Наконец, большинство отправилось готовить для ночлега с таким трудом завоеванные пещеры, — к этим последним присоединились и наши друзья.
Однако все общество носило характер какой то сдержанности ввиду трех безмолвных героев, так неустрашимо принесших себя в жертву общему благу.
Когда, четверть часа спустя, дядя Карл вышел из пещеры, — убитых тигров уже не было. Тела юноши и девушки лежали рядом, а над ними, удрученный горем, стоял тот самый старик, который еще так недавно поверял ученому свои радужные надежды. Дядя Карл подошел к нему и молча остановился рядом.

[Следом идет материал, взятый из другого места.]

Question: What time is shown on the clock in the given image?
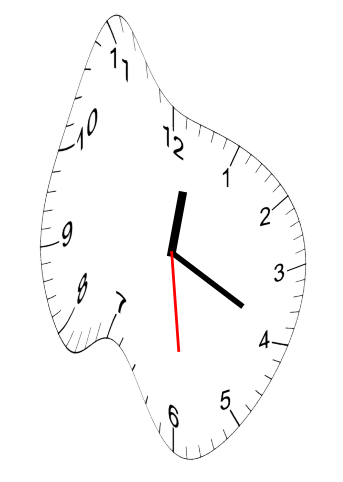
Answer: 12:19:29
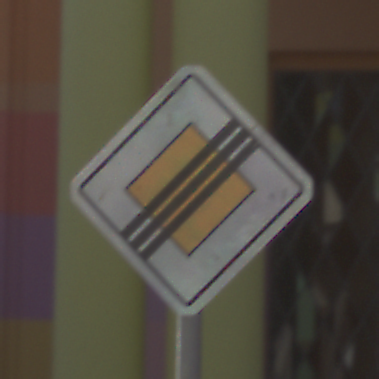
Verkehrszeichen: EndeVorfahrtsstrasse
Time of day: MorningAfternoon
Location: Outdoor (Special)
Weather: PartlyCloudy
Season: NotSpecified
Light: Natural
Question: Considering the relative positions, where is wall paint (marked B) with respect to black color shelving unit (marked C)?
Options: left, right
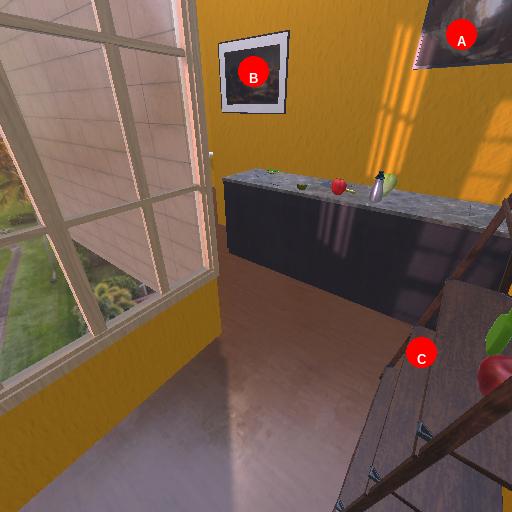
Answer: left
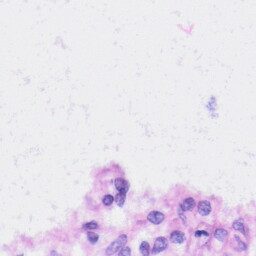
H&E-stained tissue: Liver
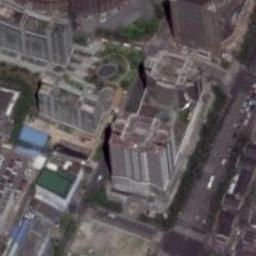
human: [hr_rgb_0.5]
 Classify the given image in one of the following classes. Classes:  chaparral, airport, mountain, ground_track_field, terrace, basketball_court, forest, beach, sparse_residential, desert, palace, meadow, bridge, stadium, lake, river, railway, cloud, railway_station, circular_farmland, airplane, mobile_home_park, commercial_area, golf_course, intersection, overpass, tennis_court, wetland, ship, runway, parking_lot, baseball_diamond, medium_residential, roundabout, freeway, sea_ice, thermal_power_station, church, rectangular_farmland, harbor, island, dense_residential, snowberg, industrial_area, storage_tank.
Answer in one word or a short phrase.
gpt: commercial_area
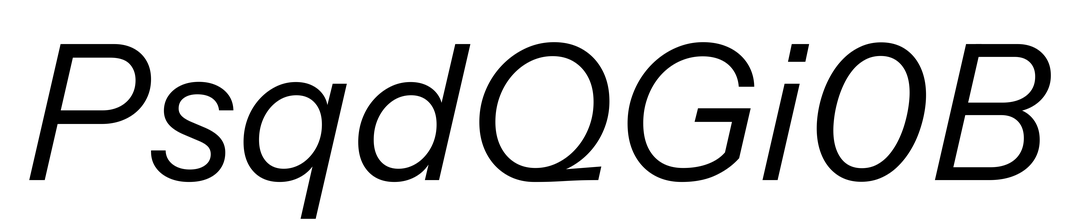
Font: InstrumentSans-Italic_Italic
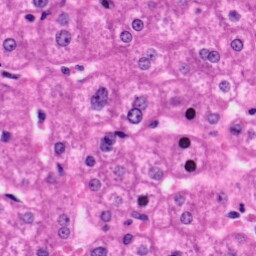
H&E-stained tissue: Liver
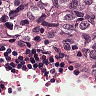
Metastatic tissue present: yes
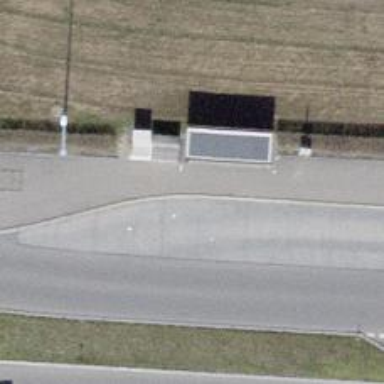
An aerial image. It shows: Platform for public transport with shelter.
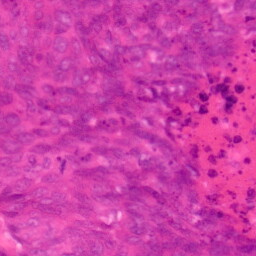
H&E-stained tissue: Colon
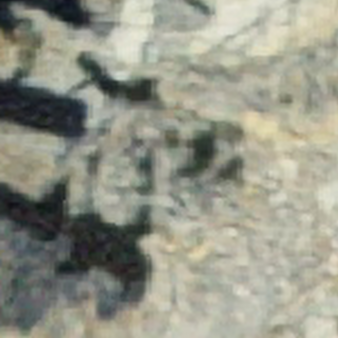
Label: other
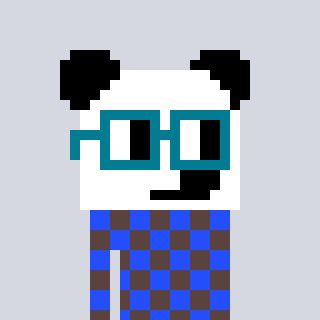
a pixel art character with square dark green glasses, a panda-shaped head and a darkbrown-colored body on a cool background
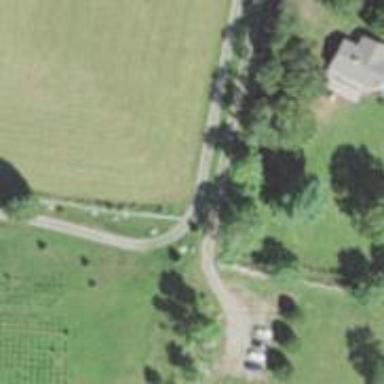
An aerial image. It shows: Residential driveway serving as service road.
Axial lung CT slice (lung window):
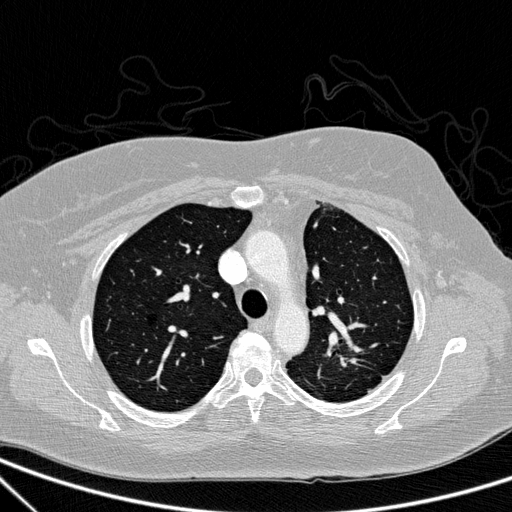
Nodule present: no
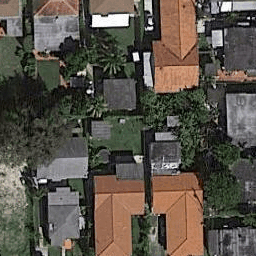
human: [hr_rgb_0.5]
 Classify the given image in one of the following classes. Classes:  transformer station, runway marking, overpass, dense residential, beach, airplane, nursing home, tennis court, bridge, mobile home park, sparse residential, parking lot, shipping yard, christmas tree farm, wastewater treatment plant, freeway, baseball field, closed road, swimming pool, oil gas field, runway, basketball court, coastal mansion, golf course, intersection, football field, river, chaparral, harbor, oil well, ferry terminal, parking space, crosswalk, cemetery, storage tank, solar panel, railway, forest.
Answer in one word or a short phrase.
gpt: dense residential
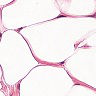
Metastatic tissue present: no
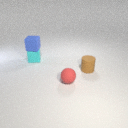
small blue rubber cube above small cyan rubber cube
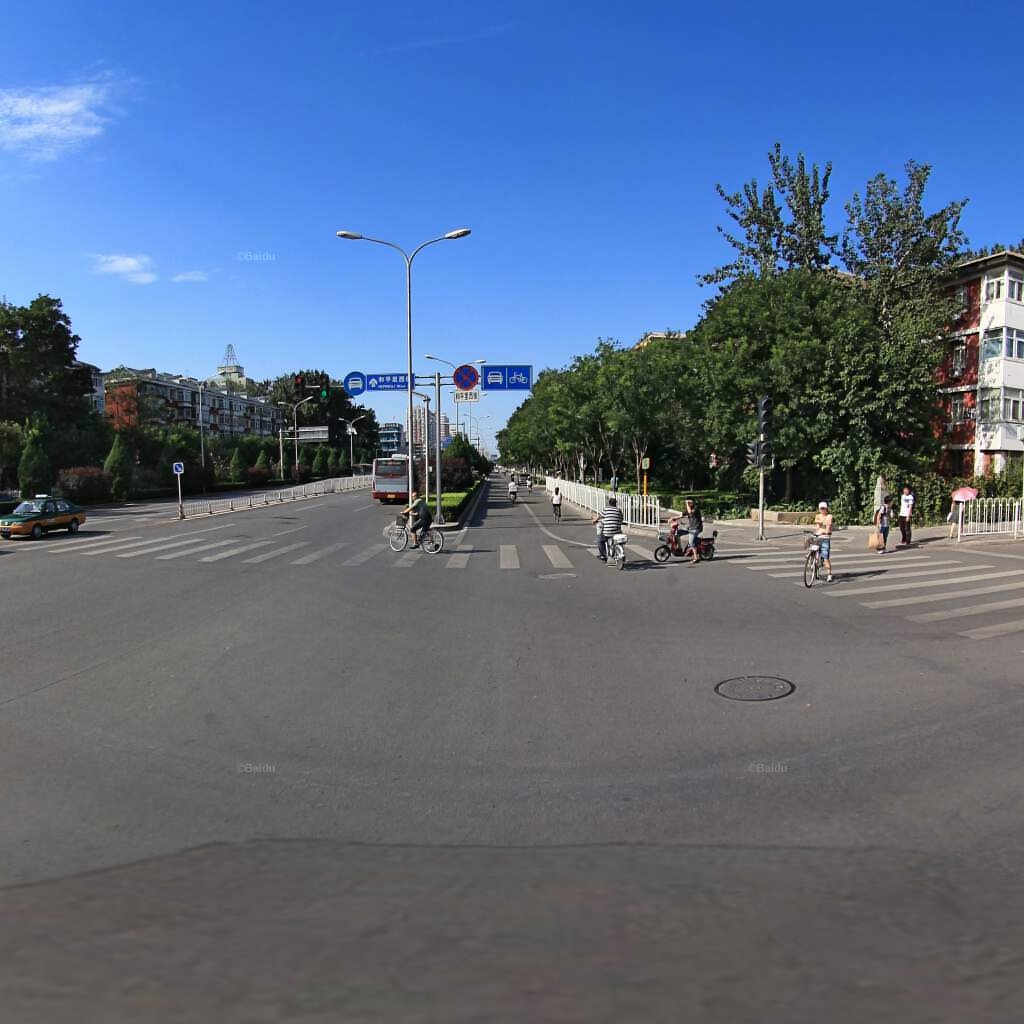
Region: Dongcheng
Road damage annotations: longitudinal crack, manhole cover, manhole cover
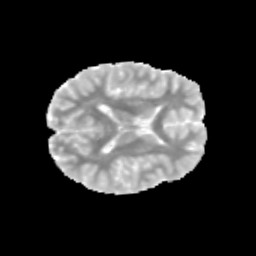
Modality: MD
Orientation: axial
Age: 12
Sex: male
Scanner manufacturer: siemens
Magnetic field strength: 3 T
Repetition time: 3.8 s
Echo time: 0.07 s

— Этот человек и эта женщина, — сказал старик, обращаясь к профессору, — хотели быть мужем и женой… Это сын моего сына… Да, они любили друг друга, хотели быть мужем и женой, у них были бы дети, которые, может быть, приходили бы играть у меня перед глазами, и я давал бы им тогда плоды самые вкусные… Но тигры помешали этому. Да, теперь все это вместе с ними нужно зарыть в землю и никогда, никогда не увижу я их больше…
И в голосе его вдруг что то дрогнуло, а две крупные слезы, скатившись по щекам этого одинокого старика, упали на песок и смешались с кровью дорогих ему существ.

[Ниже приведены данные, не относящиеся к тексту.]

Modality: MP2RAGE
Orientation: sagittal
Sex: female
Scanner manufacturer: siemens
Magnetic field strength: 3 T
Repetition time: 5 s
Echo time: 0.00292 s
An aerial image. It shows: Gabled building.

Дядя Карл не посмел долее нарушать своим присутствием этого последнего горестного прощания старика с близкими его сердцу умершими. Он тихо повернулся, чтобы уйти и тут только заметил, что и над третьим телом, лежавшим немного поодаль, в таком же безмолвном горе стояла маленькая девочка, которую крепко держала за руку жена их хозяина. Ее муж заметил профессора и, подойдя к нему, вполголоса проговорил:
— Это дочь этой убитой женщины… кроме матери, у девочки нет никого… теперь мы возьмем ее к себе, — пусть она будет нашей другой дочерью… Старик тоже будет жить недалеко от нас… Ну, а теперь пусть они останутся еще немного с теми, которых они любили…
Эта чуткая нежность дикаря до глубины души тронула Курца и он вместе с ним возвратился в пещеру, испытывая необычайное для себя волнение.
— Да, дети мои, — проговорил он, обращаясь к племянникам, — признаюсь вам, что я поражен и растроган силой духа этих людей! И если мы Цезарей и Александров Македонских считаем героями, потому что они совершали подвиги, потворствуя своему честолюбию, то кто же эти люди, эти безвестные герои, которые, словно предвосхитив евангельскую заповедь, с такою беззаветною любовью положили сегодня свои души «за други свои»!
Глава VII
В которой Иоганн приходит к заключению, что некоторые религии бывают небезопасны для человека в его положении
ещера, в которой всем предстояло провести эту ночь, по своему характеру живо напомнила нашим друзьям ту самую, в которой они два дня тому назад оставили все то, что связывало их еще с друзьями и родиной. Разница заключалась, пожалуй, только в том, что пещера, в которой находились они в настоящее время, была значительно больше и, благодаря своим обширным размерам, свободно приютила теперь под своими сводами три-четыре десятка человек, искавших ее защиты на предстоящую бурную ночь.
А ночь действительно обещала быть бурной.
Неподвижный, будто потяжелевший воздух стал вдруг необыкновенно душен; девственный лес, еще недавно оглашаемый тысячами птичьих голосов, стоял теперь безмолвный и таинственный, не шевеля ни одной веткой своих могучих деревьев-великанов, темные верхушки которых красиво и резко очерчивались на розовато-зеленом вечернем небе; весь этот причудливый тропический пейзаж, открывавшийся с высоты, на которой была расположена пещера, казался скорее какой-то прекрасной панорамой, чем живой действительностью. В ожидании грозы, может быть, уже несущейся сюда на своих воздушных крыльях, природа притихла и замерла, а вместе с нею притих и замер ее сын — первобытный человек, который, как ребенок, проникаясь настроением своей матери, встревоженной недобрым предчувствием, вдруг затих, оставив на время свои забавы. В самом деле, в пещере все было тихо. Все улеглись уже на свои мягкие ложа из мха и листьев, сохраняя какое-то тяжелое, гнетущее молчание, которое лишь изредка нарушалось тихим шелестом сухих листьев или глубоким вздохом кого-нибудь из раненых. Это подавленное состояние туземцев как-то невольно подействовало и на наших путешественников, — они тихо приготовили свои постели несколько поодаль от других и, зарывшись в мягкий мох, почти шепотом обменивались друг с другом короткими замечаниями.
— Я думаю, господа, — заметил Иоганн, — что вся эта компания просто-напросто боится грозы.